Paramount Skydance is offering $108.4 billion in a hostile bid to acquire Warner Bros. Discovery. The offer, made on Monday, is the brand’s latest and largest attempt to outbid streaming giant Netflix for the legacy media network. Paramount says it will offer about $30 per share for the company, an increase over Netflix’s proposed $27.75 per share. On Friday, Dec. 5, Warner Bros. Discovery announced it had accepted Netflix’s $72 billion offer. The deal would give the streamer Warner Bros.

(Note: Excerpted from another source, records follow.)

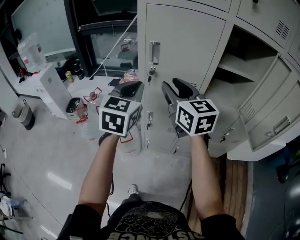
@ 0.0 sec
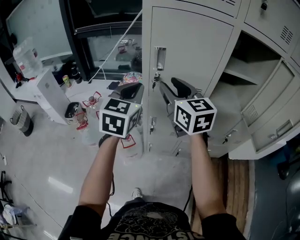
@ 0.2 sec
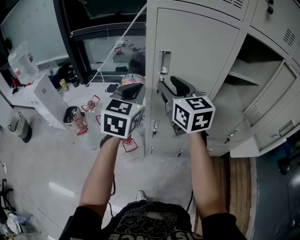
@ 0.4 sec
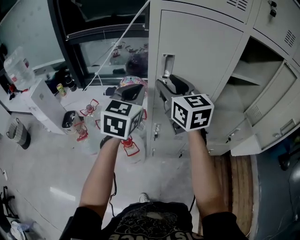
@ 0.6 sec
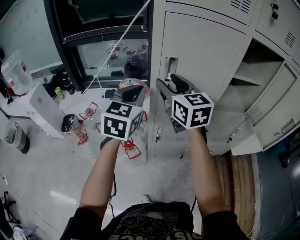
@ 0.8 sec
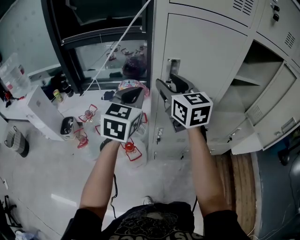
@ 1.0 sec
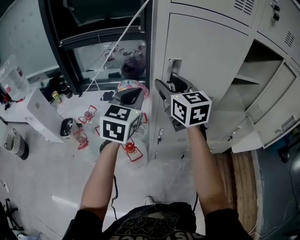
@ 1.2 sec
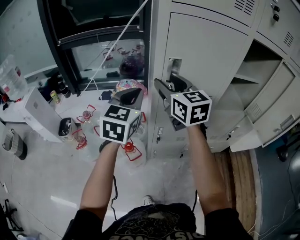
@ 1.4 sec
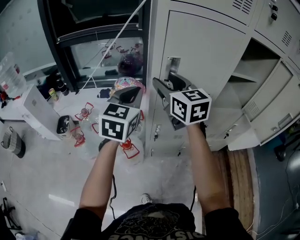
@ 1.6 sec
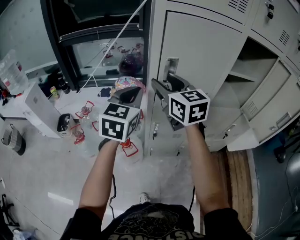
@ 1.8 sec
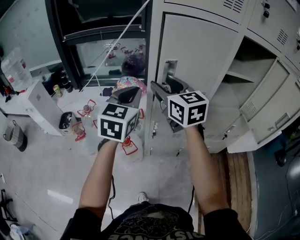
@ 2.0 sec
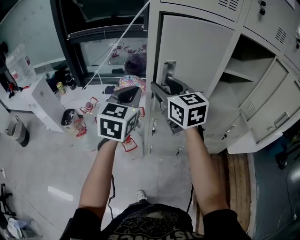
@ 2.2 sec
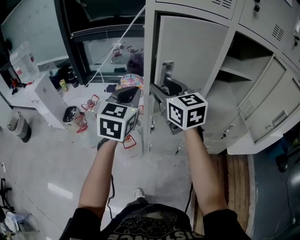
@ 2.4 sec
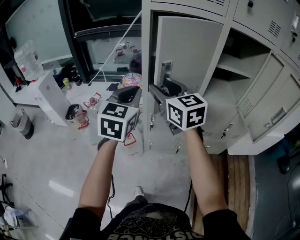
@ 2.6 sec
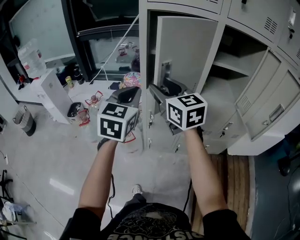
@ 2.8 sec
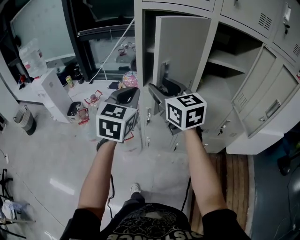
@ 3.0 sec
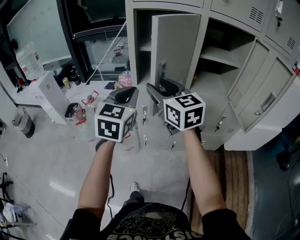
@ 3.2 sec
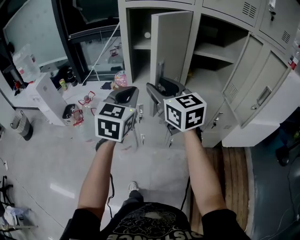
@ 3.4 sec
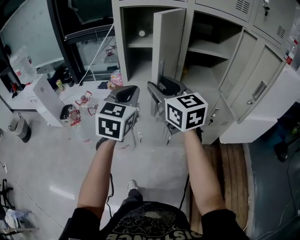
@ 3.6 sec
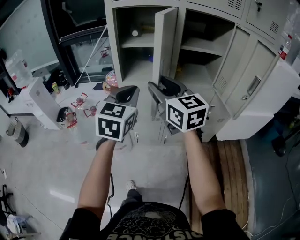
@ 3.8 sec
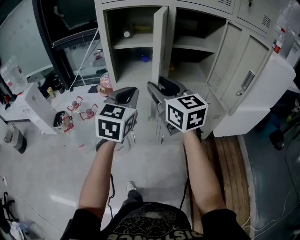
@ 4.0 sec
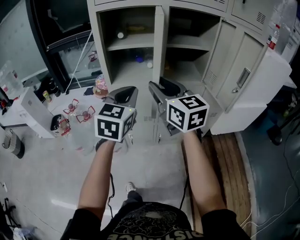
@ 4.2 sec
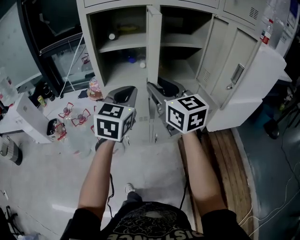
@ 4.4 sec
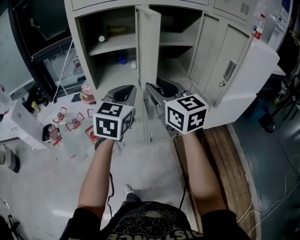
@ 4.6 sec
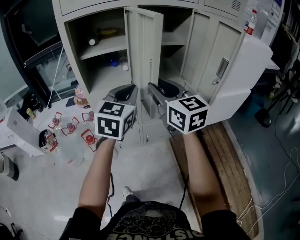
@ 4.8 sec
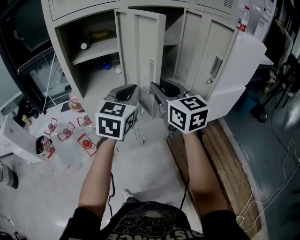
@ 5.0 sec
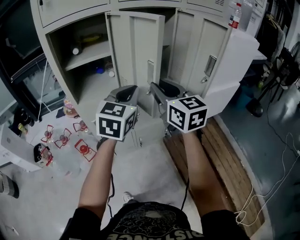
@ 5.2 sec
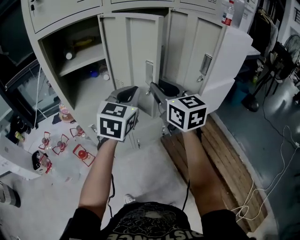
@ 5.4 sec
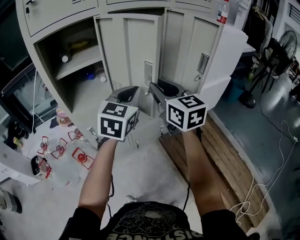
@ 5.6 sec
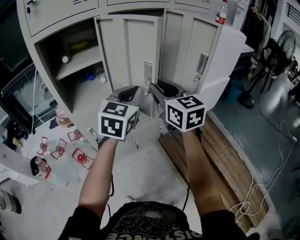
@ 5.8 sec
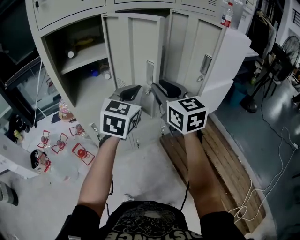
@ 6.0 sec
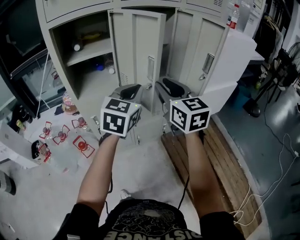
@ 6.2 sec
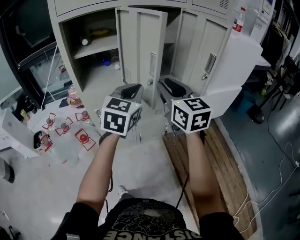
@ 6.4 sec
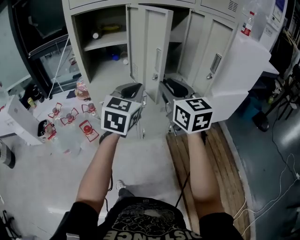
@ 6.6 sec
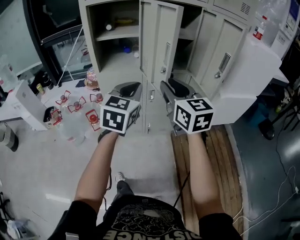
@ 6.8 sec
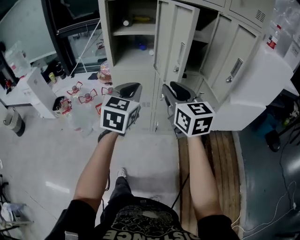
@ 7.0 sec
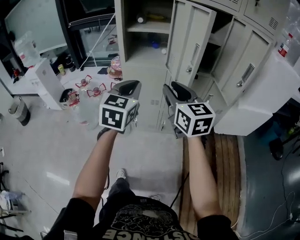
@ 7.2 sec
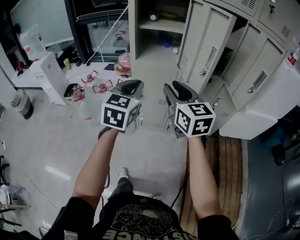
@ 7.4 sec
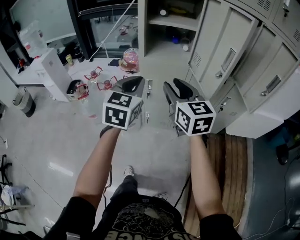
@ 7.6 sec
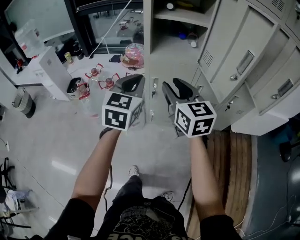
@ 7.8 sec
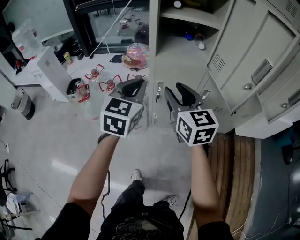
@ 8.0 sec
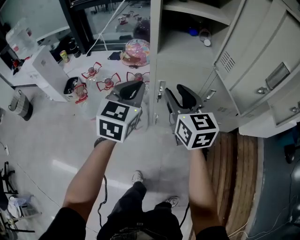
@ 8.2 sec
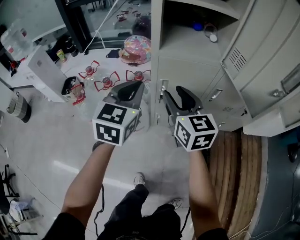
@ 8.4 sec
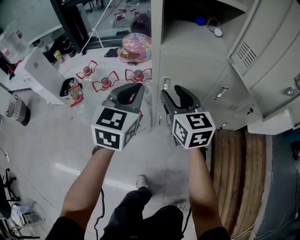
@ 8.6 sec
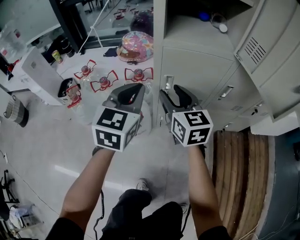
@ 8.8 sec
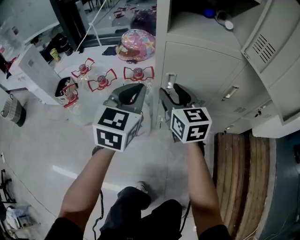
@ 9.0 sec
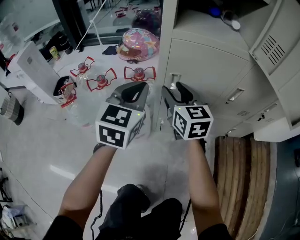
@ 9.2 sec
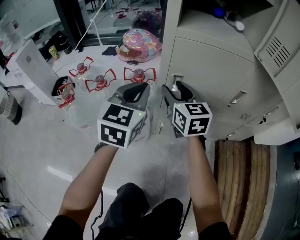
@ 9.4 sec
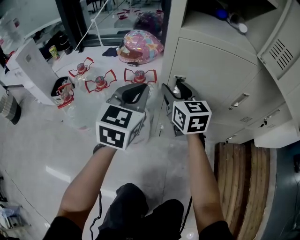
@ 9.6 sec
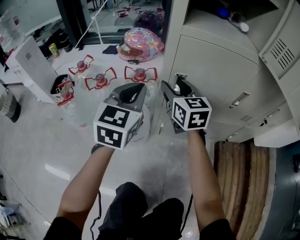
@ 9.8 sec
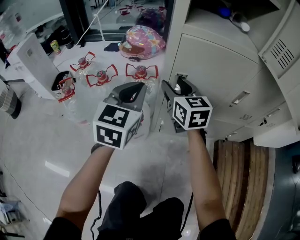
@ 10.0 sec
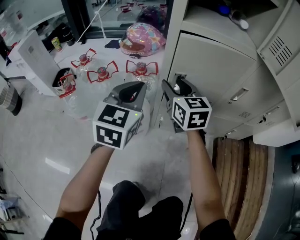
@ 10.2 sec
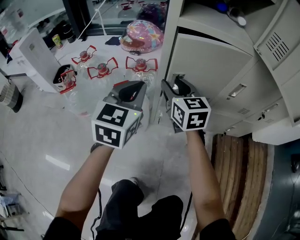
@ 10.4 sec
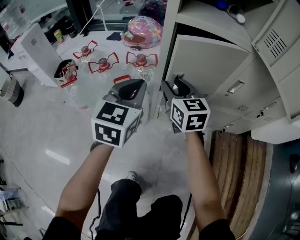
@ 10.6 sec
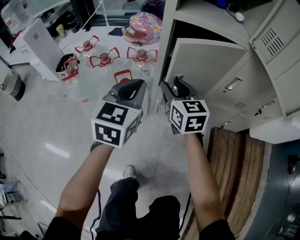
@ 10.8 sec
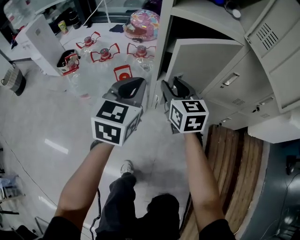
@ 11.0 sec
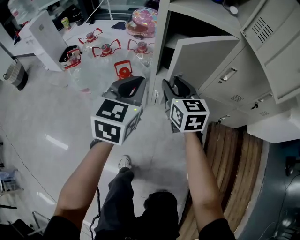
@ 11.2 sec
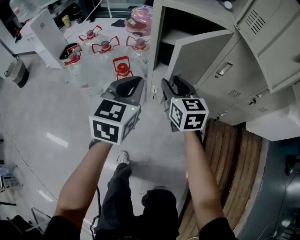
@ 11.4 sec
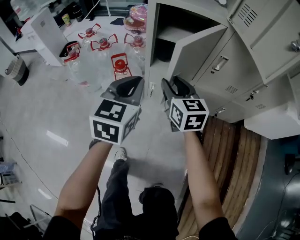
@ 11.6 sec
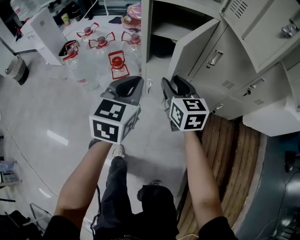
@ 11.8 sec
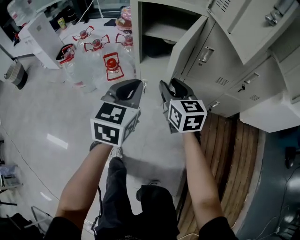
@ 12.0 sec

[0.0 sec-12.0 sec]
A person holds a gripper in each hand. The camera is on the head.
0.0 sec to 1.6 sec: The two grippers go approximately 15 cm forward and to the left.
1.6 sec to 3.0 sec: The left gripper moves backward and to the right, approximately 15 cm. Meanwhile the right gripper is displaced backward by some 15 cm.
3.0 sec to 4.4 sec: The left gripper shifts approximately 15 cm to the right. Meanwhile the right gripper is displaced to the right and backward by roughly 15 cm.
4.4 sec to 6.0 sec: Both grippers travel together to the right, approximately 10 cm. The left gripper turns by approximately 20 degrees. Meanwhile the right gripper changes its angle by about 20 degrees.
6.0 sec to 7.6 sec: The right gripper changes place by approximately 25 cm, and turns by about 30 degrees, while the left gripper changes place by approximately 25 cm, and turns by approximately 40 degrees.
7.6 sec to 9.0 sec: The grippers both shift downward and forward by roughly 30 cm.
9.0 sec to 10.4 sec: The right gripper shifts roughly 5 cm downward, while the left gripper moves about 5 cm.
10.4 sec to 12.0 sec: Both grippers move backward and to the right, about 20 cm.

Discovery’s TV, film, and streaming assets, but Paramount’s new offer ups the ante, including prominent premium network HBO, DC Comics, and news network CNN, among other inclusions.

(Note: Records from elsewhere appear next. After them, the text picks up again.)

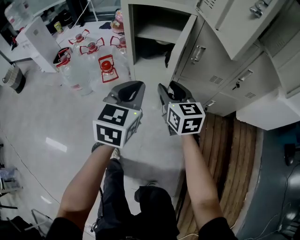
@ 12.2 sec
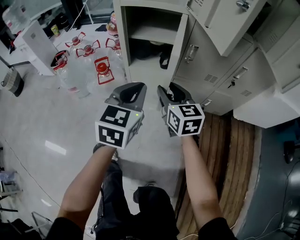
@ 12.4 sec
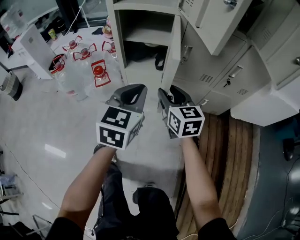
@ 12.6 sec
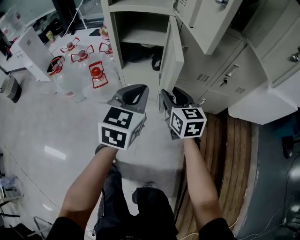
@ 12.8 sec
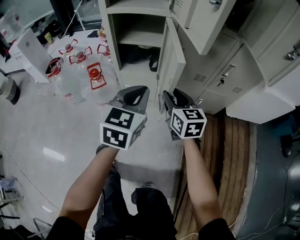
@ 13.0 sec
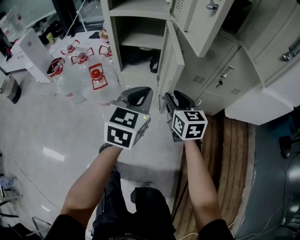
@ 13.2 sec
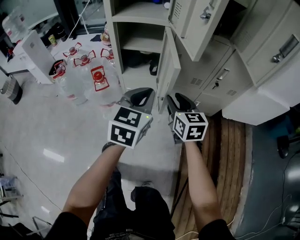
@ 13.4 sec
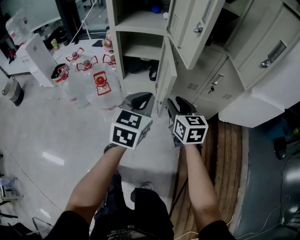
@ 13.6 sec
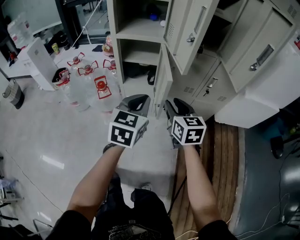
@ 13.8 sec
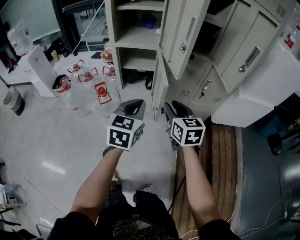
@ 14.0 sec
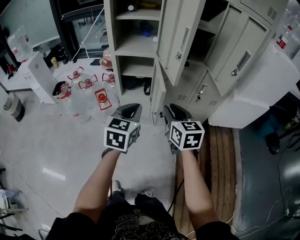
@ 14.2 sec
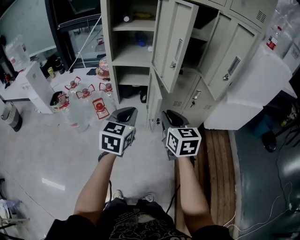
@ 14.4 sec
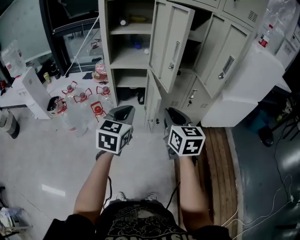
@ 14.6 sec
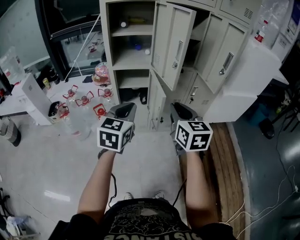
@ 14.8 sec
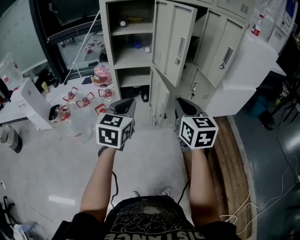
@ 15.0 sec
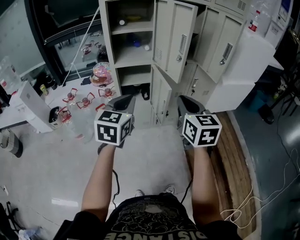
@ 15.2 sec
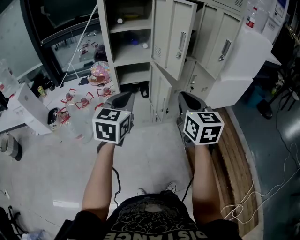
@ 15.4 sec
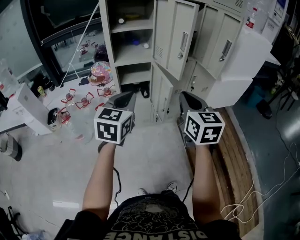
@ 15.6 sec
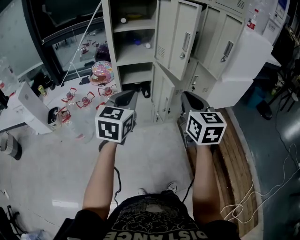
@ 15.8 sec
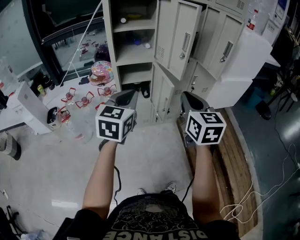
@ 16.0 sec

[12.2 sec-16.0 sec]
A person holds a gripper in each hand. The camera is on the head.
12.2 sec to 13.4 sec: The right gripper is displaced to the right by roughly 10 cm. The left gripper moves to the right and upward, some 10 cm.
13.4 sec to 14.8 sec: The left gripper goes about 20 cm upward, to the left and backward, while the right gripper shifts roughly 30 cm upward and backward.
14.8 sec to 16.0 sec: The right gripper ends up roughly 5 cm from where it was; the left gripper travels to the left by roughly 5 cm.

The “hostile bid” — a takeover offer that bypasses management in favor of shareholders — takes the noteworthy bidding war from private to public.
About the Buyers

Larry Ellison, Oracle co-founder and one of the world’s wealthiest people, took over Paramount earlier this year with the help of his son David. The latter is the founder of Skydance Media, the parent company of Paramount Studios, CBS, and more. David Ellison spoke more about their efforts to reshape the media landscape in a new statement:
“WBD shareholders deserve an opportunity to consider our superior all-cash offer for their shares in the entire company. Our public offer, which is on the same terms we provided to the Warner Bros. Discovery Board of Directors in private, provides superior value, and a more certain and quicker path to completion. We believe the WBD Board of Directors is pursuing an inferior proposal which exposes shareholders to a mix of cash and stock, an uncertain future trading value of the Global Networks linear cable business and a challenging regulatory approval process. We are taking our offer directly to shareholders to give them the opportunity to act in their own best interests and maximize the value of their shares.”

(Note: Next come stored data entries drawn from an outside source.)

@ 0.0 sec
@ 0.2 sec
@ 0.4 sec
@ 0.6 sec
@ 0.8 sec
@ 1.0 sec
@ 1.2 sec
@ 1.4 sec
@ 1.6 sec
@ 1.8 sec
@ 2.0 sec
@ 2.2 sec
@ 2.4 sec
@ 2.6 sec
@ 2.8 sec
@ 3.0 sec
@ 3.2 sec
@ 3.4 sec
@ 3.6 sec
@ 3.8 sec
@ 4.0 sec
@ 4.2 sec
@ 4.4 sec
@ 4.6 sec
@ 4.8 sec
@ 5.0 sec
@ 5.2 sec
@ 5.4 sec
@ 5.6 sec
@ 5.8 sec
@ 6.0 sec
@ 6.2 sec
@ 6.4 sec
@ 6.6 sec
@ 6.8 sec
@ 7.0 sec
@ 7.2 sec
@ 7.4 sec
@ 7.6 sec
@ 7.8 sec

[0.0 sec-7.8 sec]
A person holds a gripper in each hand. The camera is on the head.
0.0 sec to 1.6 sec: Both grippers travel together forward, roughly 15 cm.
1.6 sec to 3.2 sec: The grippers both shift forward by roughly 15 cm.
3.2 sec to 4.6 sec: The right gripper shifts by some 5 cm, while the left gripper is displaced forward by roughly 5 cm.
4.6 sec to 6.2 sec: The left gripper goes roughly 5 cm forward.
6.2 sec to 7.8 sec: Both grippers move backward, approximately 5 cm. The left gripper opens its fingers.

The Ellisons’ ties to U.S. President Donald Trump are worth noting. Larry Ellison has long been a donor and loyal supporter of the sitting U.S. president, a relationship that’s raising concerns among some politicians, entertainment industry figures, and antitrust experts. A colossal deal such as this is normally subject to intense scrutiny from the Federal Trade Commission (FTC). The second Trump administration’s inconsistent “America First” approach to antitrust activity could reshape what were once standard government procedures.
What’s more, a new SEC filing from Paramount (via Fortune) shows Jared Kushner’s Affinity Partners private equity firm — one of three groups that just picked up gaming company Electronic Arts — is involved in the new bid alongside Saudi and Qatari sovereign wealth funds.